Ainsi les nouvelles compétences à avoir pour lutter contre les menaces de notre monde sont le courage, la capacité de résilience et d’adaptabilité.
"Connais-toi toi-même" (Platon - Charmide)
Pour anticiper les attaques, encore faut-il dresser un tableau exhaustif de nos points forts et de nos faiblesses. N’ayons pas peur d’exposer nos failles ! Nous en serons encore plus forts et créerons un cercle vertueux de performance.
"Qui connaît son ennemi comme il se connaît en cent combats ne sera point défait" (Sun Tzu – L’art de la guerre)
Une fois que l’on se connaît, il faut aussi connaître les différentes catégories d’atteintes à la cybersécurité.

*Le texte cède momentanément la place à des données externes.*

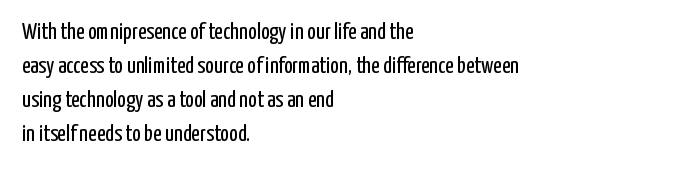
The type sits square on the baseline with zero lean. Stem width sits at or under what a default text font uses. Horizontally, the lines are justified to the leading edge only. This sample keeps an unexceptional amount of space between lines. The space beneath each line is pristine and unruled. There is no visible air inserted between adjacent glyphs.
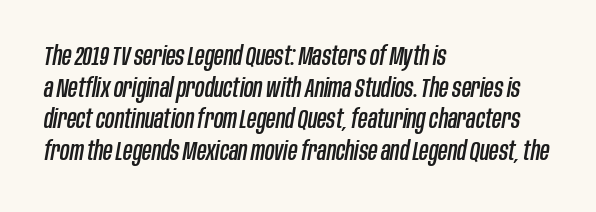
Q: Is the text italic (slanted)? A: Yes, it leans right by about 10 degrees.
Q: Is the text underlined? A: No.
Q: How is the paragraph aligned? A: Left-aligned.
Q: Is the spacing between letters normal or unusually wide? A: Normal.
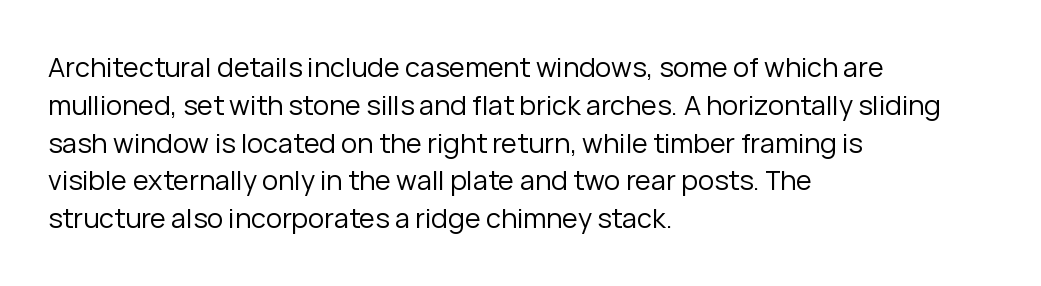
The image shows 27 px text type, upright; set left-aligned, normal line spacing (1.4x), normal letter spacing, not underlined.
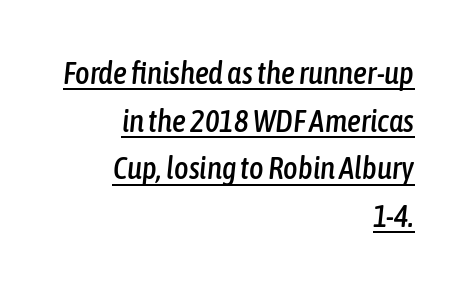
{"italic": "yes", "lean": "right", "slant_degrees": 6, "width": "condensed", "stroke_contrast": "low", "x_height": "medium", "monospaced": "no", "underline": "yes", "align": "right", "line_spacing": "normal", "line_spacing_ratio": 1.54, "letter_spacing": "normal", "letter_spacing_em": 0.0, "glyph_px": 31}
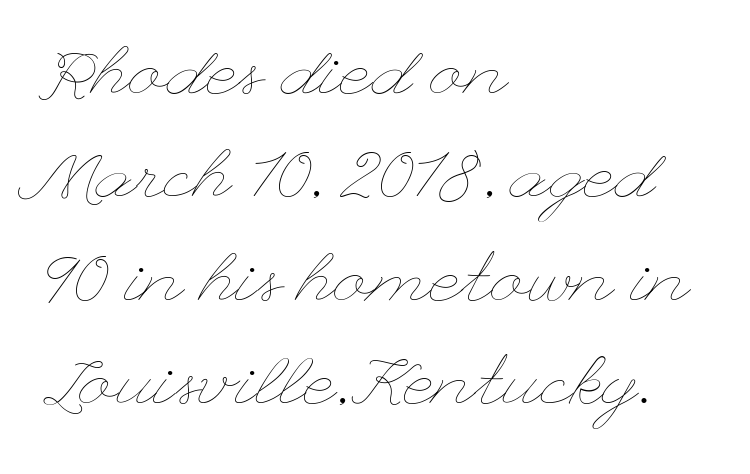
Q: Is the text bold? A: No.
Q: Is the text italic (slanted)? A: Yes.
Q: Is the text underlined? A: No.
Q: How is the paragraph aligned? A: Left-aligned.
Q: Is the spacing between letters normal or unusually wide? A: Normal.
Q: Is the spacing between lines tight, normal or loose? A: Normal.
Q: Width (condensed, normal, or wide)? A: Wide.
Q: Stroke contrast? A: Low.
Q: x-height? A: Small.
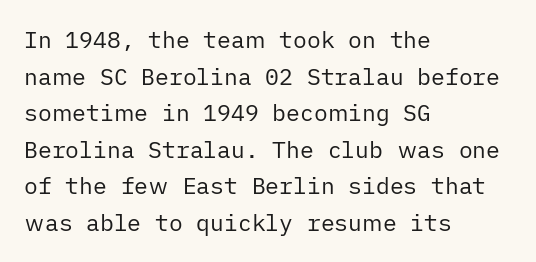
The image shows 23 px text type, upright; set left-aligned, normal line spacing (1.59x), normal letter spacing, not underlined.
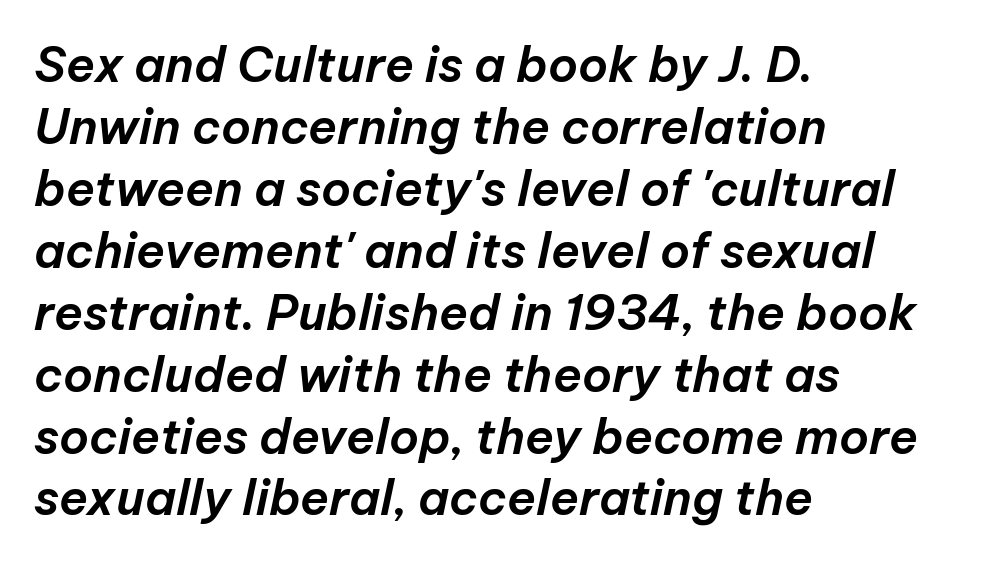
You can tell it's italic because the verticals aren't actually vertical. Think of a printed novel: that variable character pitch is what you see here. The compositor pushed each line to the left boundary. The letterforms sit shoulder to shoulder at normal distance. Type without underlining. Rows of type keep a routine distance in the vertical direction.
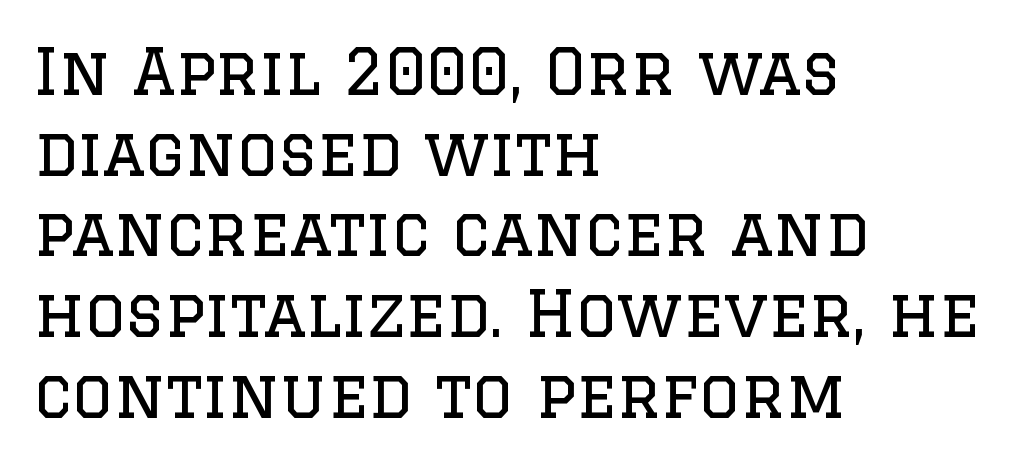
Notice how descenders clear the ascenders below comfortably — that's standard leading. The area under the type is left untouched. Proportional: the letters do not fall into vertical columns. This is the regular roman posture of the typeface. The rendering keeps characters at their native spacing. Old-style or modern, the face here clearly has serifs.
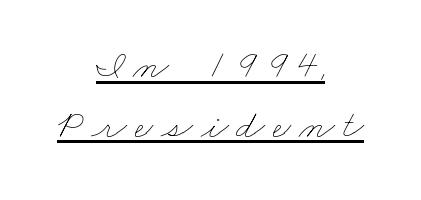
The image shows 41 px thin, wide type; set centered, normal line spacing (1.46x), underlined; low stroke contrast and a small x-height.
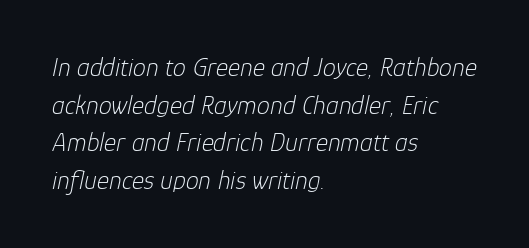
Regular leading. Notice how the passage keeps a crisp vertical edge on the left only. Stems here are at most as thick as an everyday book face. The whole block is typeset with a tilt. Rule under the text: the space is simply empty. The gaps between neighbouring characters are ordinary and unremarkable.

Dans ce domaine, tout n’est pas uniforme. Nous devons faire face à différentes typologies d’atteintes (celles qui sont légales, celles qui ne le sont pas) et, au sein de ces catégories, des sous-catégories qu’il convient de maîtriser pour élaborer des stratégies spécifiques à chacune d’entre elles, ce qui demande étude, pragmatisme et stratégie pluridisciplinaire.
Pour atteindre de grands objectifs, nous devons oser de grandes choses (Clausewitz – De la guerre)
L’innovation ne se décrète pas, elle se construit, elle s’entretient, elle se vit. L’innovation ne connaît pas la politique interne et les intérêts particuliers. L’innovation, c’est prendre des risques pour servir l’intérêt général et une cause plus grande que sa propre carrière. L’innovation est un état d’esprit. Certains ne l’auront jamais. Il faut l’admettre. Mais, même cela n’est pas un drame. L’important est de mettre les bonnes personnes à la bonne place dans cet échiquier mondial si nous voulons assurer une protection efficace de notre pays.
Ces sept commandements de la cybersécurité doivent nous guider au quotidien pour garantir la sécurité des populations, des entreprises et préserver notre démocratie.
Nous sommes toutes et tous des acteurs de cette dernière ne soyons pas des consommateurs passifs d’outils technologiques mais les stratèges de notre propre destin qui voient en la technologie non pas un Salut mais un simple outil pour construire le monde que nous voulons pour nous et les générations futures.